Do bizarro discurso de vitória de André Villas-Boas, dando ideia de que o seu maior objetivo para o jogo de domingo era provar que o FC Porto era melhor, mais espetacular, mais artístico e mais eficaz que o Benfica, ressaltou o desmentido a algum expert que terá identificado mal as características inatas da equipa.
Glosando aquele discurso técnico-futebolês que invadiu os areópagos televisivos por via da chamada de treinadores desempregados à colação quotidiana, criou uma espécie de mausoléu virtual ao comentador desconhecido que terá chamado equipa “de transição” ao conjunto portista – com a transição a significar contra-ataque rápido e não a necessária passagem de um quadro de subalternidade mediática para o primeiro plano da admiração popular.
Após a única partida da época em que teve menos bola que o adversário, escolheu um dia mau para falar de “posse”, pois a estratégia para superar o Benfica consistiu em marcação e superioridade no jogo interior, bloqueio lateral e pressão sobre os portadores, abdicando da famosa circulação e ataque sustentado que, desde o tempo do futebolzinho apoiado, em marcha-atrás e a passo, se convencionou chamar de jogo à portuguesa desde os anos 70.
Num jogo com apenas quatro futebolistas portugueses, um dos quais naturalizado, as exaltações nacionalistas soam a forçado. Os clubes portugueses há muito deixaram de representar um padrão de jogo nacional genuíno, aculturados pela infiltração massiva de jogadores de outras nacionalidades e escolas, que faz os Coentrões e Moutinhos sentirem-se quase estrangeiros no próprio país. O retrato do futebol português mostra com mais definição falta de educação básica, confrontação regionalista e absoluta indiferença por valores desportivos, onde os responsáveis não se respeitam, os organismos se escondem e toda gente se considera acima de leis e regulamentos. Assim como André Villas-Boas tem dificuldades em situar os méritos da sua equipa campeã no justo patamar da hierarquia de preferências dos adeptos em geral e do espetro mediático em particular, também seria estulto que outras equipas de matriz bem mais genuína, em qualidade e quantidade, como o Sporting, se tivessem de considerar menos representativas, apenas porque não alcançam os melhores resultados.

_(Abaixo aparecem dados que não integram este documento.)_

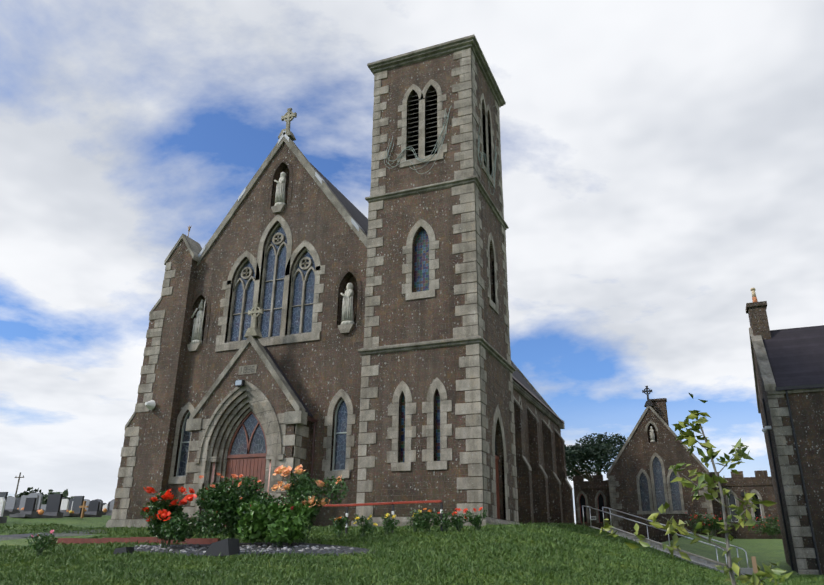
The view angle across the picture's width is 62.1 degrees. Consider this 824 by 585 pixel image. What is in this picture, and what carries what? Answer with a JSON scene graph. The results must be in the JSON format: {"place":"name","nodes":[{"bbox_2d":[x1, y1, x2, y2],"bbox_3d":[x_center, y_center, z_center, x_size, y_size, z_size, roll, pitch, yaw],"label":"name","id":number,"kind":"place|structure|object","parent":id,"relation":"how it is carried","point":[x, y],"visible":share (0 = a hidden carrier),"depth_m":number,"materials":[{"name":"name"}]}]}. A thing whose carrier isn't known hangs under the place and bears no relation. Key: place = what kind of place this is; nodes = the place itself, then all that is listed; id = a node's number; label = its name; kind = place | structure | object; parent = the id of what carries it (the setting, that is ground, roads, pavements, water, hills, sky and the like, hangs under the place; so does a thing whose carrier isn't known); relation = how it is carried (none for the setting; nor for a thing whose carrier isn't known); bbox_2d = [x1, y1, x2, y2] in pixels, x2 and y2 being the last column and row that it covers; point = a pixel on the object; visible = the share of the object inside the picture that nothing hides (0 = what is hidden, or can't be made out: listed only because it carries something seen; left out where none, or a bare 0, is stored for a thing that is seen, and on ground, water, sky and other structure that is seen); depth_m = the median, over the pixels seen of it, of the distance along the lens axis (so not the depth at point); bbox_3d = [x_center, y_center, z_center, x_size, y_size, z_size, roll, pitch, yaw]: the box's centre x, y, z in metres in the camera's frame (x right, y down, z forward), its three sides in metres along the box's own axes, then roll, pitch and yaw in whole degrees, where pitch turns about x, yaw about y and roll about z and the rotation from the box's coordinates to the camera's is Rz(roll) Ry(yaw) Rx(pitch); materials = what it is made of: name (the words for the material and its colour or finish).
{"place":"outdoors","nodes":[
{"label":"outdoors","id":0,"kind":"place"},
{"bbox_2d":[0,529,105,537],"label":"forecourt road","id":1,"kind":"structure","parent":0,"point":[22,535],"depth_m":28.19,"materials":[{"name":"grey asphalt"}]},
{"bbox_2d":[183,343,311,521],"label":"porch walls","id":2,"kind":"structure","parent":0,"point":[262,379],"depth_m":31.89,"materials":[{"name":"stone"}]},
{"bbox_2d":[193,380,283,526],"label":"doorway orders","id":3,"kind":"object","parent":2,"relation":"attached to","point":[261,407],"visible":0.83,"depth_m":31.66,"materials":[{"name":"stone"}]},
{"bbox_2d":[235,379,244,386],"bbox_3d":[-8.020,4.251,31.988,0.400,0.280,0.325,-8,-23,21],"label":"flood light","id":4,"kind":"object","parent":3,"relation":"attached to","point":[243,383],"depth_m":31.85,"materials":[{"name":"white plastic"}]},
{"bbox_2d":[225,411,266,526],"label":"porch doors","id":5,"kind":"structure","parent":3,"relation":"attached to","point":[249,465],"depth_m":31.36,"materials":[{"name":"red wood"}]},
{"bbox_2d":[182,413,308,517],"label":"porch quoins","id":6,"kind":"object","parent":2,"relation":"attached to","point":[287,440],"visible":0.4,"depth_m":30.64,"materials":[{"name":"grey stone"}]},
{"bbox_2d":[262,345,312,416],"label":"porch roof","id":7,"kind":"structure","parent":2,"relation":"on","point":[289,383],"depth_m":32.52,"materials":[{"name":"grey stone"}]},
{"bbox_2d":[307,416,316,524],"bbox_3d":[-4.614,8.005,30.212,0.160,4.910,0.880,-8,-23,21],"label":"downpipe","id":8,"kind":"object","parent":2,"relation":"attached to","point":[313,420],"visible":0.7,"depth_m":30.86,"materials":[{"name":"black metal"}]},
{"bbox_2d":[0,515,823,584],"bbox_3d":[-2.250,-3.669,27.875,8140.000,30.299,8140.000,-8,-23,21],"label":"ground","id":9,"kind":"structure","parent":0,"point":[765,551],"depth_m":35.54,"materials":[{"name":"green plant"}]},
{"bbox_2d":[15,472,23,496],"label":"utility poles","id":10,"kind":"object","parent":9,"relation":"on","point":[19,477],"visible":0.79,"depth_m":118.19,"materials":[{"name":"wood"}]},
{"bbox_2d":[8,487,73,504],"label":"distant trees","id":11,"kind":"object","parent":9,"relation":"on","point":[45,497],"depth_m":121.28,"materials":[{"name":"green plant"}]},
{"bbox_2d":[25,530,57,556],"bbox_3d":[-11.204,7.606,20.694,0.914,0.837,0.834,-8,-23,21],"label":"rose bush","id":12,"kind":"object","parent":9,"relation":"on","point":[42,537],"depth_m":20.70,"materials":[{"name":"green plant"}]},
{"bbox_2d":[0,533,94,540],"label":"road kerb","id":13,"kind":"structure","parent":9,"relation":"on","point":[56,535],"depth_m":26.84,"materials":[{"name":"concrete"}]},
{"bbox_2d":[0,509,111,522],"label":"grave plinths","id":14,"kind":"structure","parent":9,"relation":"on","point":[16,513],"depth_m":36.81,"materials":[{"name":"grey stone"}]},
{"bbox_2d":[0,492,114,516],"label":"headstones","id":15,"kind":"object","parent":14,"relation":"on","point":[54,501],"depth_m":40.12,"materials":[{"name":"grey stone"}]},
{"bbox_2d":[17,507,106,514],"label":"grave flowers","id":16,"kind":"object","parent":14,"relation":"on","point":[40,512],"visible":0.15,"depth_m":39.56,"materials":[{"name":"red plant"}]},
{"bbox_2d":[79,501,88,517],"bbox_3d":[-17.722,11.709,36.889,0.600,0.900,0.100,-8,-23,21],"label":"cross grave marker","id":17,"kind":"object","parent":9,"relation":"on","point":[84,506],"visible":1,"depth_m":36.86,"materials":[{"name":"brown wood"}]},
{"bbox_2d":[113,547,133,553],"bbox_3d":[-8.236,7.387,19.572,0.500,0.200,0.300,-8,-23,21],"label":"floodlight","id":18,"kind":"object","parent":9,"relation":"on","point":[124,549],"visible":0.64,"depth_m":19.45,"materials":[{"name":"black metal"}]},
{"bbox_2d":[51,537,220,544],"bbox_3d":[-9.393,8.338,22.808,7.190,0.351,0.130,-8,-23,21],"label":"timber edging","id":19,"kind":"object","parent":9,"relation":"on","point":[139,540],"visible":0.42,"depth_m":22.74,"materials":[{"name":"brown wood"}]},
{"bbox_2d":[106,234,201,527],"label":"pier copings","id":20,"kind":"object","parent":9,"relation":"on","point":[194,247],"visible":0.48,"depth_m":37.03,"materials":[{"name":"grey stone"}]},
{"bbox_2d":[111,239,197,519],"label":"corner pier","id":21,"kind":"structure","parent":9,"relation":"on","point":[154,448],"depth_m":34.88,"materials":[{"name":"stone"}]},
{"bbox_2d":[111,262,175,518],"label":"quoins","id":22,"kind":"object","parent":21,"relation":"attached to","point":[126,472],"visible":0.75,"depth_m":35.17,"materials":[{"name":"grey stone"}]},
{"bbox_2d":[145,400,155,409],"bbox_3d":[-13.229,5.678,34.587,0.502,0.520,0.579,7,-22,-15],"label":"loud speaker","id":23,"kind":"object","parent":21,"relation":"attached to","point":[151,404],"visible":0.96,"depth_m":34.47},
{"bbox_2d":[140,487,196,547],"bbox_3d":[-7.278,6.796,20.576,2.089,1.917,1.827,-8,-23,21],"label":"rose","id":24,"kind":"object","parent":9,"relation":"on","point":[176,527],"depth_m":20.27,"materials":[{"name":"plant"}]},
{"bbox_2d":[204,538,239,555],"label":"stone block","id":25,"kind":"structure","parent":9,"relation":"on","point":[228,547],"depth_m":18.28,"materials":[{"name":"grey stone"}]},
{"bbox_2d":[188,473,278,537],"bbox_3d":[-5.367,6.618,20.709,2.994,2.185,2.029,-8,-23,21],"label":"rose bush","id":26,"kind":"object","parent":9,"relation":"on","point":[248,493],"depth_m":20.41,"materials":[{"name":"green plant"}]},
{"bbox_2d":[185,334,307,523],"bbox_3d":[-7.559,6.776,31.667,6.300,9.784,1.440,-8,-23,21],"label":"porch gable coping","id":27,"kind":"object","parent":9,"relation":"on","point":[299,415],"visible":0.46,"depth_m":32.20,"materials":[{"name":"grey stone"}]},
{"bbox_2d":[230,414,265,454],"bbox_3d":[-7.525,6.515,31.846,2.200,2.200,0.020,-8,-23,21],"label":"door transom window","id":28,"kind":"structure","parent":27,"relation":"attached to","point":[257,445],"depth_m":31.77,"materials":[{"name":"blue glass"}]},
{"bbox_2d":[244,303,263,338],"bbox_3d":[-7.652,1.351,33.345,0.810,1.755,0.520,-8,-23,21],"label":"stone cross","id":29,"kind":"object","parent":27,"relation":"on","point":[254,331],"visible":1,"depth_m":33.24,"materials":[{"name":"grey stone"}]},
{"bbox_2d":[134,542,374,555],"bbox_3d":[-4.918,7.514,19.852,8.800,0.539,3.200,-8,-23,21],"label":"pebble bed","id":30,"kind":"object","parent":9,"relation":"on","point":[344,549],"visible":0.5,"depth_m":19.14,"materials":[{"name":"grey gravel"}]},
{"bbox_2d":[236,500,313,545],"bbox_3d":[-3.942,6.695,19.713,2.267,1.381,1.691,-8,-23,21],"label":"leafy shrub","id":31,"kind":"object","parent":9,"relation":"on","point":[257,521],"depth_m":19.51,"materials":[{"name":"green plant"}]},
{"bbox_2d":[271,464,348,542],"bbox_3d":[-3.145,6.408,20.659,2.473,2.358,1.869,-8,-23,21],"label":"rose bush","id":32,"kind":"object","parent":9,"relation":"on","point":[307,488],"depth_m":20.56,"materials":[{"name":"green plant"}]},
{"bbox_2d":[220,502,442,532],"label":"rail posts","id":33,"kind":"object","parent":9,"relation":"on","point":[441,507],"visible":0.1,"depth_m":22.98,"materials":[{"name":"metal"}]},
{"bbox_2d":[222,509,442,526],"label":"flowers","id":34,"kind":"object","parent":33,"relation":"attached to","point":[392,514],"visible":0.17,"depth_m":23.18,"materials":[{"name":"plant"}]},
{"bbox_2d":[278,500,441,506],"bbox_3d":[-21.665,9.667,31.653,49.040,1.037,0.100,-8,-23,21],"label":"wooden rail","id":35,"kind":"object","parent":33,"relation":"attached to","point":[386,503],"visible":0.52,"depth_m":23.39,"materials":[{"name":"brown wood"}]},
{"bbox_2d":[329,516,349,537],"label":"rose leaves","id":36,"kind":"object","parent":9,"relation":"on","point":[341,523],"depth_m":22.40,"materials":[{"name":"green plant"}]},
{"bbox_2d":[168,142,560,526],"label":"nave walls","id":37,"kind":"structure","parent":9,"relation":"on","point":[323,370],"depth_m":34.57,"materials":[{"name":"brown stone"}]},
{"bbox_2d":[168,215,355,483],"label":"window surrounds","id":38,"kind":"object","parent":37,"relation":"attached to","point":[282,338],"depth_m":34.13,"materials":[{"name":"grey stone"}]},
{"bbox_2d":[176,398,346,476],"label":"lancet frames","id":39,"kind":"structure","parent":38,"relation":"attached to","point":[188,413],"depth_m":31.48,"materials":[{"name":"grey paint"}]},
{"bbox_2d":[178,226,347,475],"bbox_3d":[-7.128,2.405,34.318,9.600,13.250,0.040,-8,-23,21],"label":"facade glass","id":40,"kind":"object","parent":38,"relation":"attached to","point":[340,446],"visible":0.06,"depth_m":34.81,"materials":[{"name":"blue glass"}]},
{"bbox_2d":[227,222,314,342],"bbox_3d":[-7.108,-0.695,35.463,5.100,6.540,0.140,-8,-23,21],"label":"window tracery","id":41,"kind":"object","parent":38,"relation":"attached to","point":[309,268],"visible":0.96,"depth_m":35.35,"materials":[{"name":"grey stone"}]},
{"bbox_2d":[187,204,353,351],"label":"statue pedestals","id":42,"kind":"object","parent":37,"relation":"attached to","point":[343,329],"visible":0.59,"depth_m":35.52,"materials":[{"name":"stone"}]},
{"bbox_2d":[190,300,205,343],"bbox_3d":[-11.338,1.570,36.331,0.843,2.519,0.507,-8,-23,21],"label":"statue","id":43,"kind":"object","parent":42,"relation":"on","point":[197,333],"visible":0.98,"depth_m":36.05,"materials":[{"name":"stone"}]},
{"bbox_2d":[274,172,285,205],"bbox_3d":[-7.111,-5.619,37.195,0.707,2.194,0.580,-8,-23,21],"label":"statue top","id":44,"kind":"object","parent":42,"relation":"on","point":[280,194],"visible":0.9,"depth_m":37.02,"materials":[{"name":"stone"}]},
{"bbox_2d":[341,283,354,324],"bbox_3d":[-3.075,0.545,33.020,0.723,2.243,0.593,-8,-23,21],"label":"statue","id":45,"kind":"object","parent":42,"relation":"on","point":[347,312],"visible":0.96,"depth_m":32.82,"materials":[{"name":"stone"}]},
{"bbox_2d":[192,158,361,342],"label":"niche surrounds","id":46,"kind":"object","parent":37,"relation":"attached to","point":[340,278],"visible":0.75,"depth_m":35.77,"materials":[{"name":"stone"}]},
{"bbox_2d":[197,130,564,428],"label":"gable copings","id":47,"kind":"object","parent":37,"relation":"on","point":[325,188],"visible":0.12,"depth_m":37.63,"materials":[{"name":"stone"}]},
{"bbox_2d":[278,108,296,140],"bbox_3d":[-7.019,-9.573,38.828,0.930,2.015,0.597,-8,-23,21],"label":"gable cross","id":48,"kind":"object","parent":47,"relation":"on","point":[289,115],"visible":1,"depth_m":38.79,"materials":[{"name":"stone"}]},
{"bbox_2d":[311,164,555,418],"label":"roof","id":49,"kind":"structure","parent":37,"relation":"attached to","point":[359,217],"depth_m":42.25,"materials":[{"name":"stone"}]},
{"bbox_2d":[519,396,550,446],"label":"nave window dressings","id":50,"kind":"structure","parent":37,"relation":"attached to","point":[535,413],"depth_m":58.50,"materials":[{"name":"grey stone"}]},
{"bbox_2d":[512,379,561,426],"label":"eaves cornice","id":51,"kind":"structure","parent":37,"relation":"attached to","point":[518,388],"depth_m":58.31,"materials":[{"name":"stone"}]},
{"bbox_2d":[512,375,564,423],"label":"gutter downpipe","id":52,"kind":"object","parent":37,"relation":"attached to","point":[534,397],"visible":0.08,"depth_m":57.72,"materials":[{"name":"black metal"}]},
{"bbox_2d":[514,397,572,489],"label":"buttress caps","id":53,"kind":"object","parent":37,"relation":"attached to","point":[540,466],"visible":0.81,"depth_m":55.61,"materials":[{"name":"stone"}]},
{"bbox_2d":[513,401,574,523],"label":"buttresses","id":54,"kind":"structure","parent":37,"relation":"attached to","point":[542,498],"depth_m":54.61,"materials":[{"name":"brown brick"}]},
{"bbox_2d":[353,514,376,536],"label":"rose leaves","id":55,"kind":"object","parent":9,"relation":"on","point":[367,524],"depth_m":22.41,"materials":[{"name":"green plant"}]},
{"bbox_2d":[373,513,399,534],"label":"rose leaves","id":56,"kind":"object","parent":9,"relation":"on","point":[390,522],"depth_m":22.46,"materials":[{"name":"green plant"}]},
{"bbox_2d":[404,509,427,533],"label":"rose leaves","id":57,"kind":"object","parent":9,"relation":"on","point":[414,517],"depth_m":22.38,"materials":[{"name":"green plant"}]},
{"bbox_2d":[417,508,438,531],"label":"rose leaves","id":58,"kind":"object","parent":9,"relation":"on","point":[424,523],"depth_m":22.35,"materials":[{"name":"green plant"}]},
{"bbox_2d":[351,34,518,526],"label":"tower bands","id":59,"kind":"object","parent":9,"relation":"on","point":[437,50],"visible":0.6,"depth_m":33.35,"materials":[{"name":"grey stone"}]},
{"bbox_2d":[384,107,450,173],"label":"belfry cables","id":60,"kind":"object","parent":59,"relation":"attached to","point":[414,150],"visible":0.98,"depth_m":33.77,"materials":[{"name":"grey metal"}]},
{"bbox_2d":[413,96,436,157],"bbox_3d":[1.948,-8.094,35.640,3.812,4.600,1.462,9,-22,-20],"label":"window opening","id":61,"kind":"object","parent":59,"relation":"attached to","point":[432,129],"depth_m":35.38,"materials":[{"name":"black"}]},
{"bbox_2d":[407,91,489,170],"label":"louvers","id":62,"kind":"object","parent":59,"relation":"attached to","point":[428,128],"visible":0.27,"depth_m":34.58,"materials":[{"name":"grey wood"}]},
{"bbox_2d":[478,125,496,194],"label":"belfry cables","id":63,"kind":"object","parent":59,"relation":"attached to","point":[487,160],"visible":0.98,"depth_m":34.71,"materials":[{"name":"grey metal"}]},
{"bbox_2d":[358,53,516,521],"bbox_3d":[1.387,-0.010,33.839,5.500,24.200,5.500,-8,-23,21],"label":"tower shaft","id":64,"kind":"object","parent":9,"relation":"on","point":[402,320],"visible":0.54,"depth_m":31.21,"materials":[{"name":"brown brick"}]},
{"bbox_2d":[401,229,440,461],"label":"window panes","id":65,"kind":"structure","parent":64,"relation":"in","point":[421,273],"depth_m":31.63,"materials":[{"name":"blue glass"}]},
{"bbox_2d":[356,48,518,521],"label":"stone quoins","id":66,"kind":"object","parent":64,"relation":"attached to","point":[466,107],"visible":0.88,"depth_m":31.09,"materials":[{"name":"grey stone"}]},
{"bbox_2d":[495,455,499,518],"bbox_3d":[3.475,8.570,29.475,0.240,3.100,1.600,-8,-23,21],"label":"tower door","id":67,"kind":"structure","parent":64,"relation":"in","point":[497,486],"depth_m":29.95,"materials":[{"name":"red wood"}]},
{"bbox_2d":[432,510,457,531],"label":"rose leaves","id":68,"kind":"object","parent":9,"relation":"on","point":[440,521],"depth_m":22.35,"materials":[{"name":"green plant"}]},
{"bbox_2d":[448,508,470,531],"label":"rose leaves","id":69,"kind":"object","parent":9,"relation":"on","point":[455,523],"depth_m":22.37,"materials":[{"name":"green plant"}]},
{"bbox_2d":[463,507,487,530],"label":"rose leaves","id":70,"kind":"object","parent":9,"relation":"on","point":[474,520],"depth_m":22.40,"materials":[{"name":"green plant"}]},
{"bbox_2d":[565,432,627,480],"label":"tree","id":71,"kind":"object","parent":9,"relation":"on","point":[591,450],"depth_m":82.91,"materials":[{"name":"green plant"}]},
{"bbox_2d":[608,408,709,542],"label":"chapel walls","id":72,"kind":"structure","parent":9,"relation":"on","point":[639,451],"depth_m":64.13,"materials":[{"name":"brown brick"}]},
{"bbox_2d":[649,426,655,441],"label":"chapel statue","id":73,"kind":"object","parent":72,"relation":"in","point":[652,437],"visible":1,"depth_m":65.30,"materials":[{"name":"white stone"}]},
{"bbox_2d":[606,406,709,513],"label":"chapel dressings","id":74,"kind":"structure","parent":72,"relation":"attached to","point":[671,511],"depth_m":63.72,"materials":[{"name":"grey stone"}]},
{"bbox_2d":[642,386,653,406],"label":"cross","id":75,"kind":"object","parent":74,"relation":"on","point":[648,403],"visible":1,"depth_m":66.72,"materials":[{"name":"grey stone"}]},
{"bbox_2d":[649,398,668,425],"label":"chimney","id":76,"kind":"object","parent":72,"relation":"on","point":[659,407],"visible":0.61,"depth_m":66.39,"materials":[{"name":"brown stone"}]},
{"bbox_2d":[639,456,681,510],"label":"window panes","id":77,"kind":"structure","parent":72,"relation":"in","point":[659,488],"depth_m":63.70,"materials":[{"name":"blue glass"}]},
{"bbox_2d":[608,473,716,536],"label":"stone quoins","id":78,"kind":"object","parent":72,"relation":"attached to","point":[614,494],"visible":0.33,"depth_m":64.03,"materials":[{"name":"grey stone"}]},
{"bbox_2d":[582,505,748,574],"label":"step handrails","id":79,"kind":"object","parent":9,"relation":"on","point":[610,513],"visible":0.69,"depth_m":34.20,"materials":[{"name":"silver metal"}]},
{"bbox_2d":[589,526,752,575],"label":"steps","id":80,"kind":"structure","parent":9,"relation":"on","point":[702,562],"depth_m":33.22,"materials":[{"name":"concrete"}]},
{"bbox_2d":[599,393,792,584],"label":"sapling","id":81,"kind":"object","parent":9,"relation":"on","point":[691,441],"depth_m":5.40,"materials":[{"name":"green plant"}]},
{"bbox_2d":[751,556,759,584],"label":"wooden post","id":82,"kind":"object","parent":9,"relation":"on","point":[754,565],"visible":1,"depth_m":5.13,"materials":[{"name":"brown wood"}]},
{"bbox_2d":[749,328,823,574],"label":"house dressings","id":83,"kind":"structure","parent":9,"relation":"on","point":[788,471],"depth_m":35.68,"materials":[{"name":"grey stone"}]},
{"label":"shrub stems","id":84,"kind":"object","parent":9,"relation":"on","visible":0},
{"bbox_2d":[686,511,723,531],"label":"shrub leaves","id":85,"kind":"object","parent":84,"relation":"attached to","point":[706,523],"visible":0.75,"depth_m":60.05,"materials":[{"name":"green plant"}]},
{"bbox_2d":[685,512,726,524],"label":"flowers","id":86,"kind":"object","parent":84,"relation":"attached to","point":[704,517],"visible":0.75,"depth_m":59.79,"materials":[{"name":"red plant"}]},
{"bbox_2d":[0,0,823,523],"label":"sky","id":87,"kind":"structure","parent":0,"point":[662,160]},
{"bbox_2d":[573,475,611,530],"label":"link wall","id":88,"kind":"structure","parent":0,"point":[590,489],"depth_m":66.80,"materials":[{"name":"brown brick"}]},
{"bbox_2d":[577,490,607,522],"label":"link wall dressings","id":89,"kind":"structure","parent":88,"relation":"attached to","point":[596,503],"depth_m":66.51,"materials":[{"name":"grey stone"}]},
{"bbox_2d":[579,493,605,522],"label":"link wall frames","id":90,"kind":"structure","parent":88,"relation":"in","point":[586,514],"depth_m":66.58,"materials":[{"name":"grey stone"}]},
{"bbox_2d":[709,470,781,538],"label":"link wall","id":91,"kind":"structure","parent":0,"point":[760,482],"depth_m":61.67,"materials":[{"name":"brown stone"}]},
{"bbox_2d":[726,489,764,521],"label":"link wall dressings","id":92,"kind":"structure","parent":91,"relation":"attached to","point":[737,501],"depth_m":61.67,"materials":[{"name":"grey stone"}]},
{"bbox_2d":[728,492,762,521],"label":"link wall frames","id":93,"kind":"structure","parent":91,"relation":"in","point":[736,505],"depth_m":61.65,"materials":[{"name":"grey stone"}]},
{"bbox_2d":[750,288,755,296],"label":"chimney pot","id":94,"kind":"object","parent":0,"point":[752,290],"visible":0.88,"depth_m":41.87,"materials":[{"name":"beige ceramic"}]},
{"bbox_2d":[753,347,823,574],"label":"house walls","id":95,"kind":"structure","parent":0,"point":[807,409],"depth_m":35.54,"materials":[{"name":"stone"}]},
{"bbox_2d":[745,301,770,339],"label":"house chimney","id":96,"kind":"object","parent":95,"relation":"on","point":[758,317],"visible":0.79,"depth_m":40.82,"materials":[{"name":"stone"}]},
{"bbox_2d":[762,426,771,432],"bbox_3d":[19.456,7.516,37.543,0.480,0.330,0.300,-8,-23,21],"label":"floodlight","id":97,"kind":"object","parent":95,"relation":"attached to","point":[765,429],"visible":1,"depth_m":37.46,"materials":[{"name":"grey metal"}]},
{"bbox_2d":[762,384,823,574],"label":"house pipes","id":98,"kind":"object","parent":95,"relation":"attached to","point":[800,466],"visible":0.95,"depth_m":35.96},
{"bbox_2d":[763,325,823,390],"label":"house roof","id":99,"kind":"structure","parent":95,"relation":"on","point":[795,356],"depth_m":38.37,"materials":[{"name":"grey tile"}]},
{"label":"colonnette bases","id":100,"kind":"object","parent":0,"visible":0},
{"bbox_2d":[208,460,270,514],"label":"columns","id":101,"kind":"structure","parent":100,"relation":"on","point":[213,469],"depth_m":31.15,"materials":[{"name":"grey stone"}]},
{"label":"shrub stems","id":102,"kind":"object","parent":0,"visible":0},
{"bbox_2d":[744,515,780,534],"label":"bush","id":103,"kind":"object","parent":102,"relation":"attached to","point":[772,529],"visible":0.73,"depth_m":59.08,"materials":[{"name":"green plant"}]}
]}

Uma nova identidade surge, assim, como a verdadeira transição por realizar no ambicioso programa de André Villas-Boas, adepto de sempre e treinador do presente. Escorre do seu discurso de vitória, ligeiramente traído pela vertigem da falsa modéstia, a ambição de dar ao FC Porto uma projeção consentânea com o sucesso desportivo, começando a recuperar o enorme prestígio esbanjado ao longo de décadas por causa do discurso oficial que nunca resiste a dedicar os grandes triunfos aos palhaços e imbecis que lhe povoam as preocupações ao longo das temporadas.
Villas-Boas quer holofotes, quer notas artísticas, quer simpatia, quer Mundo, o que talvez seja pedir de mais quando se vai ao volante de um veículo blindado, mal-encarado, cuspindo fogo e com horizontes regionais. Talvez lhe possa servir de inspiração aquele ex-selecionador que, farto das ingerências políticas na federação, escolheu prosseguir a carreira num país civilizado e democrático como o Irão.